= Humphry William Woolrych =

English lawyer, legal writer and biographer

Humphry William Woolrych (1795–1871) was an English lawyer, known as a legal writer and biographer.

==Life==
He was the son of Humphry Cornewall Woolrych and Elizabeth, elder daughter of William Bentley of Red Lion Square, London, and was born at Southgate, Middlesex, on 24 September 1795. He was educated at Eton College, and matriculated at St. Edmund Hall, Oxford, on 14 December 1816, but did not take a degree. He was admitted student at Lincoln's Inn on 24 November 1819, and called to the bar in 1821. In 1830 he was called ad eundem at the Inner Temple; he was admitted at Gray's Inn on 13 July 1847, and in 1855 he was created serjeant-at-law.

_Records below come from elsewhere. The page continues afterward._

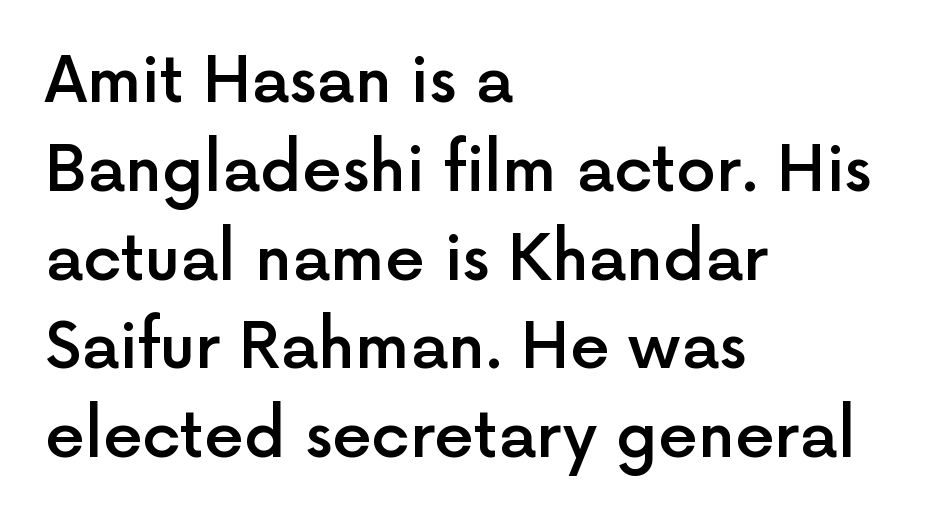
{"serif": "no", "italic": "no", "bold": "semi", "weight": "semibold", "width": "normal", "x_height": "medium", "monospaced": "no", "underline": "no", "align": "left", "line_spacing": "normal", "line_spacing_ratio": 1.41, "letter_spacing": "normal", "letter_spacing_em": 0.0, "glyph_px": 63}
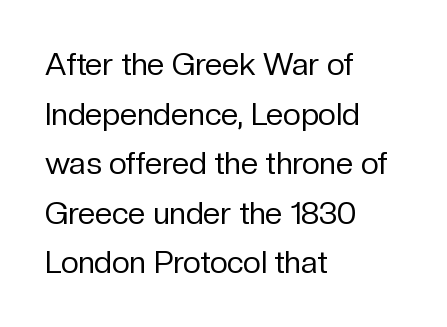
Q: Is the text bold? A: No.
Q: Is the text italic (slanted)? A: No, it is upright.
Q: Is the typeface a serif or a sans-serif typeface? A: Sans-serif.
Q: Is the text underlined? A: No.
Q: How is the paragraph aligned? A: Left-aligned.
Q: Is the spacing between letters normal or unusually wide? A: Normal.
Q: Is the spacing between lines tight, normal or loose? A: Normal.
Q: Width (condensed, normal, or wide)? A: Normal.
Q: Stroke contrast? A: Low.
Q: x-height? A: Medium.
Q: Monospaced? A: No.
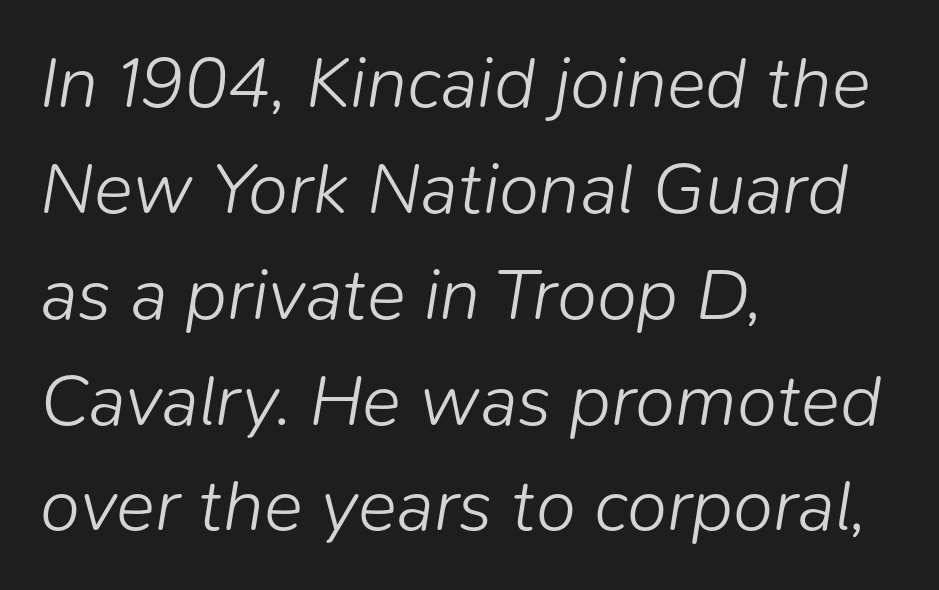
{"italic": "yes", "lean": "right", "slant_degrees": 9, "bold": "no", "weight": "light", "width": "normal", "stroke_contrast": "low", "x_height": "medium", "monospaced": "no", "underline": "no", "align": "left", "line_spacing": "normal", "line_spacing_ratio": 1.45, "letter_spacing": "normal", "letter_spacing_em": 0.0, "glyph_px": 73}

Woolrych lived at Croxley Green, where his father had bought an estate and at 9 Petersham Terrace, Kensington. He died at Kensington on 2 July 1871, and was buried in Rickmansworth cemetery.

==Works==
Woolrych as serjeant-at-law wrote about the degree, soon to be abolished:

- Remarks on the Rank of Queen's Serjeant, 1866;
- The Bar of England and the Serjeant-at-law, 1867; and
- Lives of Eminent Serjeants-at-law, 1869, in two volumes.

His legal textbooks and tracts were:

- Rights of Common, 1824; 2nd edit. 1850.
- Law of Certificates, 1826.
- Law of Ways, 1829; 2nd edit. 1847.
- Commercial and Mercantile Law of England, 1829.
- Law of Waters and Sewers, 1830; 2nd edit. 1851.
- History and Results of Present Capital Punishments in England, 1832.
- Our Island: a Novel [anon.], 1832, 3 vols.
- Four Letters on Bill for General Registry of Deeds, 1833.
- Law of Window Lights, 1833.
- New Highways Act, 2nd edit. 1836.
- Treatise on Criminal Statutes of 7 Will. IV & 1 Vict. 1837.
- New Inclosure Act, 1837; with notes and indexes, 1846.
- Treatise on Misdemeanours, 1842.
- Law of Party Walls and Fences, including the New Metropolitan Buildings Act, 1845.
- Treatise on Sewers and Drainage Acts; 2nd edit. 1849; 3rd edit. 1864.
- Public Health Act, 1849.
- Legal Time, its Computations and Reckonings, 1851.
- Metropolitan Building Act, 1856; 2nd edit. 1877; 3rd edit. 1882.
- Game Laws, 1858.
- Criminal Law as amended by Statutes of 1861, 1862.
- Private Executions, 1867.

Woolrych also wrote:

- Winter: a Poem, 1824, which was inspired by Thomson's Seasons.
- A Series of Lord Chancellors, Keepers, and other Legal Officers from Queen Elizabeth until the Present Day, 1826.
- The Life of Sir Edward Coke, 1826; and
- Memoirs of the Life of Judge Jeffreys, 1827.

He published in 1842 a second edition of Charles Penruddocke's Short Analysis of the Criminal Law of England, was a contributor to the Globe and Traveller, and read papers to the Law Amendment Society.

==Family==
Woolrych married, on 3 July 1817, at Abbot's Langley, Hertfordshire, Penelope, youngest daughter of Francis Bradford of Great Westwood, Hertfordshire. She died at 9 Petersham Terrace on 23 September 1876, aged 76, and was also buried at Rickmansworth.

They had issue three sons and four daughters. His third daughter, Anna Maria Raikea, married, on 2 July 1862, John James Stewart Perowne.